YOUR OBJECTIVE:
A word-for-word copy of the listing is what's needed; leave out every image.

DATA LISTING:
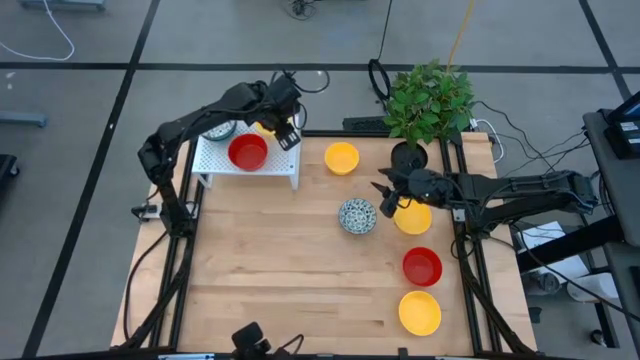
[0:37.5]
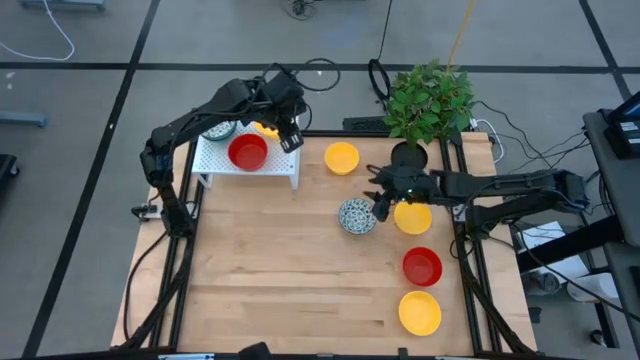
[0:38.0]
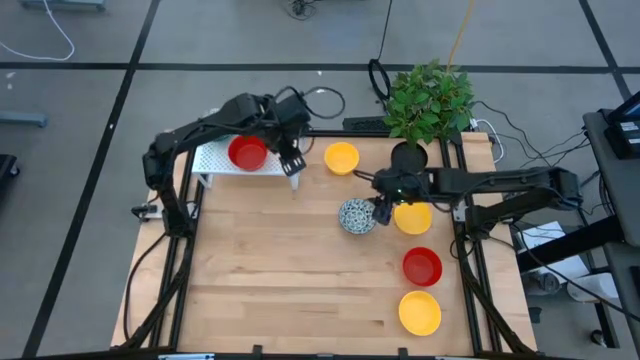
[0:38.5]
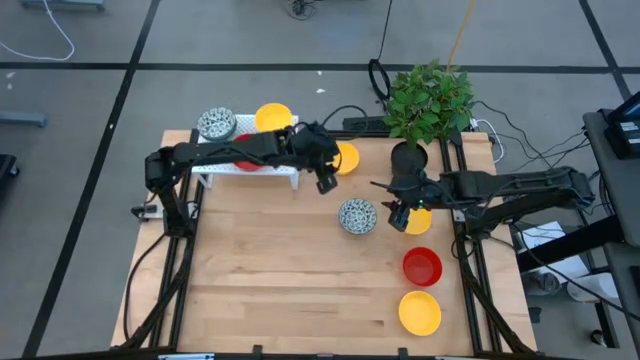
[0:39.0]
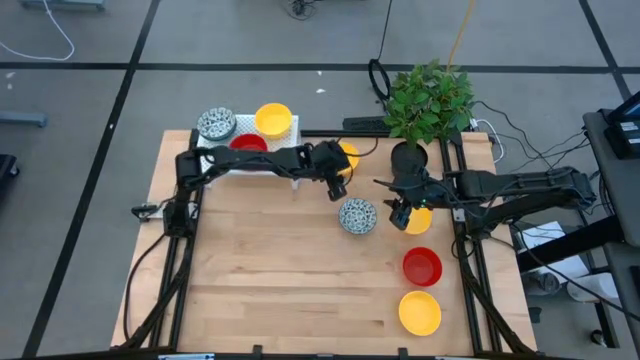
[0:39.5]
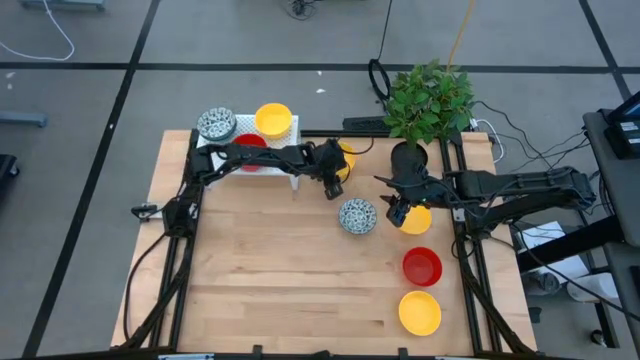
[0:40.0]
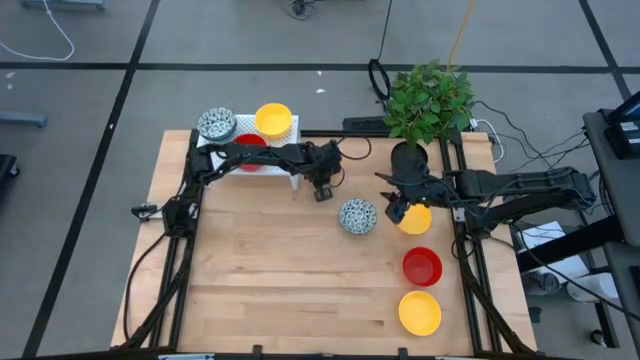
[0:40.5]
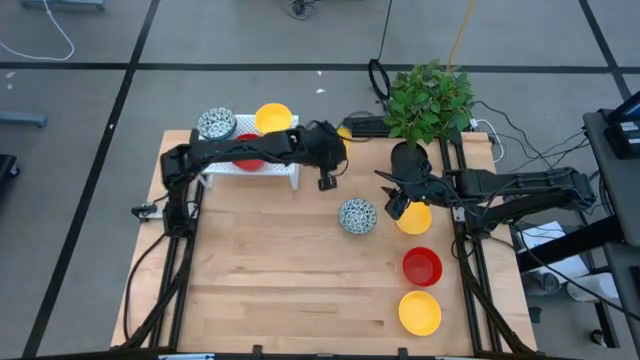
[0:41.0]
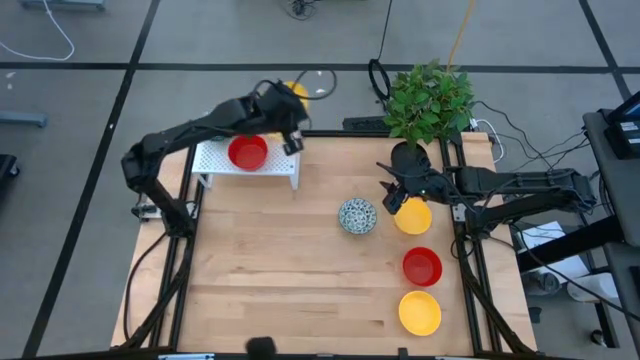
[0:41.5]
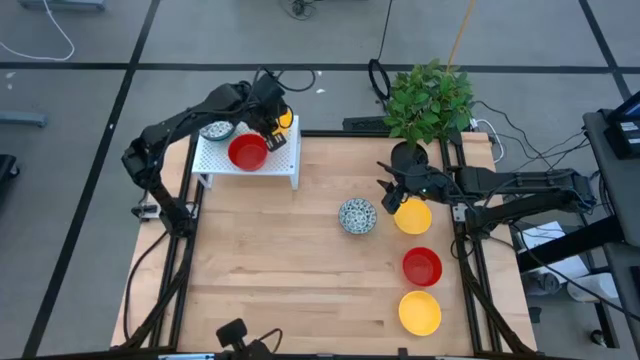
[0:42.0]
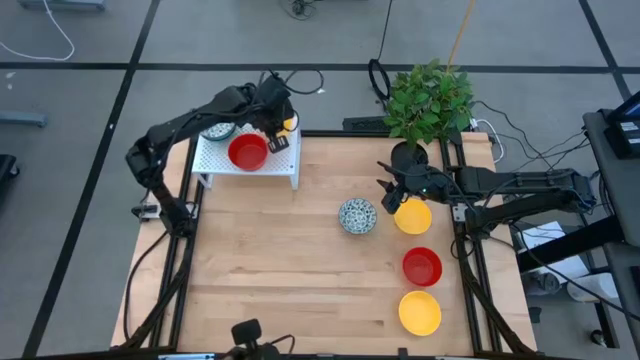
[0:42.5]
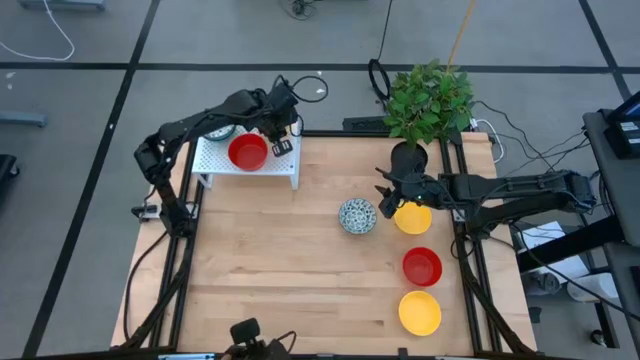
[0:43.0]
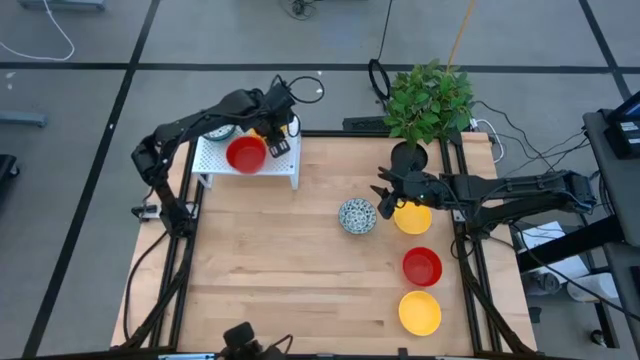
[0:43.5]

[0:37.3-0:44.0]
Task: Pick & Place Mini bowls
Stack the yellow bowl on top of the yellow bowl on the shelf

REPLY:
[0:37.5]
[0:38.0]
[0:38.5]
[0:39.0]
[0:39.5]
[0:40.0]
[0:40.5]
[0:41.0]
[0:41.5]
[0:42.0]
[0:42.5]
[0:43.0]
[0:43.5]

[0:37.3-0:44.0]
Task: Pick & Place Mini bowls
Stack the yellow bowl on top of the yellow bowl on the shelf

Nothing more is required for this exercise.